For the past few days I have been fielding calls from concerned friends living in far-flung foreign lands. South Africa is, once again, engulfed in flames and smoke, and I am getting more invitations to hot-foot it to other countries than a Russian stripper gets marriage proposals from customers on their 2nd bottle of Grey Goose and 4th lap-dance.
But we know that things are not nearly as bad in South Africa as the television cameras of Sky and CNN make them out to be. A few scrawny, beaded-locked toy-toying students burning some non-descript paintings outside the University of Cape Town does not a revolution make. Neither does a ream of barbed wire, gleaming under the sun in the centre of the City imply any night of the long knives.
But no matter what, we will always have Kanonkop.
Even Bruce Anderson, wine writer for The Spectator, realises this. Writing in last week’s edition he ended his one word appraisal of a Kanonkop 2009 (“impressive”) with the sentence, “Not everything in South Africa is falling apart”.

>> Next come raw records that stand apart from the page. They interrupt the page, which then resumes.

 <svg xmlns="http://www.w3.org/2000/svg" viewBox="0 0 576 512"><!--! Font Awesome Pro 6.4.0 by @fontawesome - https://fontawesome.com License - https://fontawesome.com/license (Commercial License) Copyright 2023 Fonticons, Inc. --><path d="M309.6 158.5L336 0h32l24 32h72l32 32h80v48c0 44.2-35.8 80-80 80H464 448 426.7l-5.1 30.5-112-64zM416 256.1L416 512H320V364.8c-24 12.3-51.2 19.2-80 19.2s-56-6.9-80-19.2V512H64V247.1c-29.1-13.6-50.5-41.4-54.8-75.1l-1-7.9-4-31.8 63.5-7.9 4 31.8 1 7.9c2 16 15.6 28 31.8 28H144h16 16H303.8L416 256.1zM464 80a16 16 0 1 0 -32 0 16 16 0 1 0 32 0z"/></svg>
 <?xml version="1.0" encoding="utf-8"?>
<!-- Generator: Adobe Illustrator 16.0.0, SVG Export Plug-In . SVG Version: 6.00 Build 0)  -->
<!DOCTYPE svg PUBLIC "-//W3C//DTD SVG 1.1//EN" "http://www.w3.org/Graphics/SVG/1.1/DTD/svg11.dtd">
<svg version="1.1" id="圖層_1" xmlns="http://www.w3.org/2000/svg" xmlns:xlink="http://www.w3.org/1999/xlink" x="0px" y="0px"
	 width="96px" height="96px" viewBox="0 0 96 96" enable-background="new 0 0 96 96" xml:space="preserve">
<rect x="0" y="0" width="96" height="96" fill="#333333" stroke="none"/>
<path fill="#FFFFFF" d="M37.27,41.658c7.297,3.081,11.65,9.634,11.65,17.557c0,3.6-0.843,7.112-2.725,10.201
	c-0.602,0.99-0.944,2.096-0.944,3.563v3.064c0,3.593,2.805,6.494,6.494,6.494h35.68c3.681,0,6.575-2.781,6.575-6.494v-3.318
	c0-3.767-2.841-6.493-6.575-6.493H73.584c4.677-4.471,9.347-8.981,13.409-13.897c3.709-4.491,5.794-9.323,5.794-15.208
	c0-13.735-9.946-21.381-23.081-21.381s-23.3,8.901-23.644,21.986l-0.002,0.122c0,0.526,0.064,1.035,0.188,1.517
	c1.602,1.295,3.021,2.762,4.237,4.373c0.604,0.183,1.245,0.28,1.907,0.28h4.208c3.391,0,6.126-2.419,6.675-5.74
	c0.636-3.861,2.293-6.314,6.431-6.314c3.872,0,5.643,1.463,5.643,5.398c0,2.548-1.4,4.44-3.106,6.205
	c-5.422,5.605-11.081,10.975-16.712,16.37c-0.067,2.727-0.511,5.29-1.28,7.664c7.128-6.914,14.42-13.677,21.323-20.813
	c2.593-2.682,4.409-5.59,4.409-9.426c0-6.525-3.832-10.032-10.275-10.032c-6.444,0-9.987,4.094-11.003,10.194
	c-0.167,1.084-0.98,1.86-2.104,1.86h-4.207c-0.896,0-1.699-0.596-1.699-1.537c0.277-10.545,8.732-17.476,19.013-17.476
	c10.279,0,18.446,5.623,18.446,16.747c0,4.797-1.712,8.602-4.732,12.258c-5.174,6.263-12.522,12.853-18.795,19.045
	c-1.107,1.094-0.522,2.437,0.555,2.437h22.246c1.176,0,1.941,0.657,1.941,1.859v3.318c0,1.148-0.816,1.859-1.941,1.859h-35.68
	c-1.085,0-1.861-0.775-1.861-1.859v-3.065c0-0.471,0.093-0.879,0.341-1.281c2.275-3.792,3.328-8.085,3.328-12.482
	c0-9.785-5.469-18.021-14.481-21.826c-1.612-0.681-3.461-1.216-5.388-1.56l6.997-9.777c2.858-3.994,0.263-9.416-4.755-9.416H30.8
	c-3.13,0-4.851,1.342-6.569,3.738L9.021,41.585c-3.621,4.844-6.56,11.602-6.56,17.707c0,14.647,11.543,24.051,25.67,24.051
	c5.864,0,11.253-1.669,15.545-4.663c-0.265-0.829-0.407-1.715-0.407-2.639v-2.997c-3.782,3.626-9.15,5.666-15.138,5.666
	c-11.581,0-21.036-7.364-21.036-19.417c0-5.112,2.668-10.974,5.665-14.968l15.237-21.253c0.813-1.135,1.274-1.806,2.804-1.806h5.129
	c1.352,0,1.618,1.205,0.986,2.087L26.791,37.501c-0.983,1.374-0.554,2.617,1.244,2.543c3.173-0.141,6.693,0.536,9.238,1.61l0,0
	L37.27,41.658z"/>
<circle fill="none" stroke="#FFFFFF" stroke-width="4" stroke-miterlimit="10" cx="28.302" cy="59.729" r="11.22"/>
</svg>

Mister Anderson neglects to state the precise Kanonkop 2009 in question, but after recently pulling a cork of it myself, I bet it was the Cabernet Sauvignon. Brave statements are not my thing, so suffice to say that this is the finest South African red wine I remember having. Ever. Yet.
My draught of this Cabernet Sauvignon occurred two days after I had polished off a bottle of Calon-Ségur 2002 with Danie de Wet, something the big man described as “one of the world’s great wines”. It was still asking air and age, but the Calon was in superb condition, clarity and depth beaming through black fruit, smouldering Greek cedar and a brooding whack of liquorice. One of those “everyone went silent” kind of wines.
This beautiful thing from St Estèphe was still haunting my sensitive parts when occasion caused me to grab the Kanonkop Cabernet Sauvignon 2009. The timing was rowdy and loose, attention focused on sharp knives, tales of military glory and strenuous days hunting buffalo in the Tanzanian bush. And once again, the wine had the last say as everybody did, in fact, go silent.
On the attack, the Kanonkop slid silently and cool into the mouth, opening up with directed flavours trumpeting Simonsberg Cabernet with the broad ease of Miles Davis and his Bitch’s Brew. Wild undergrowth alerted the senses which then picked-up blackcurrant, tar, fig paste and a bit of that iron taste one gets when drinking cow blood with Masai warriors celebrating Uhuru Wednesday. Like the Calon Ségur, the finish was a focussed, enticing line of aniseed that left you reminiscing of old castles, Crusaders mounted on sweaty horses galloping across snowy plains and wild partridges roasted on the open flames of vine-shoot fire.
It is, absolutely world class and in a world of its own.
Reverting back to white wine, I was determined to make the roll I was on, last. The KWV Mentors Grenache Blanc 2011 ensured it did.
Forget about the origins of the variety, its scarcity and that it does not fit into any of the preconceived ideas you have about something you do not know. It is, a fantastic wine.
The grapes are grown in downtown Paarl. The wine-making sounds more complicated than Lady Gaga’s sexual orientation – much wooding and unwooding of different components, back-blending and separate fermenting temperatures.
It all results in a fantastically complex white wine expressing zest and life, but with a satisfying richness and pleasant confidence.
The wood is noticeable, but adds a buttery dimension to brisk runs of green apple, loquat, finger-lemon and Thai coriander. A stony edge almost makes you hear the gush of mountain streams, while the finish of lemon meringue and salt leaves its mark in a memorable and enticing way.
Things are being built, as others fall apart.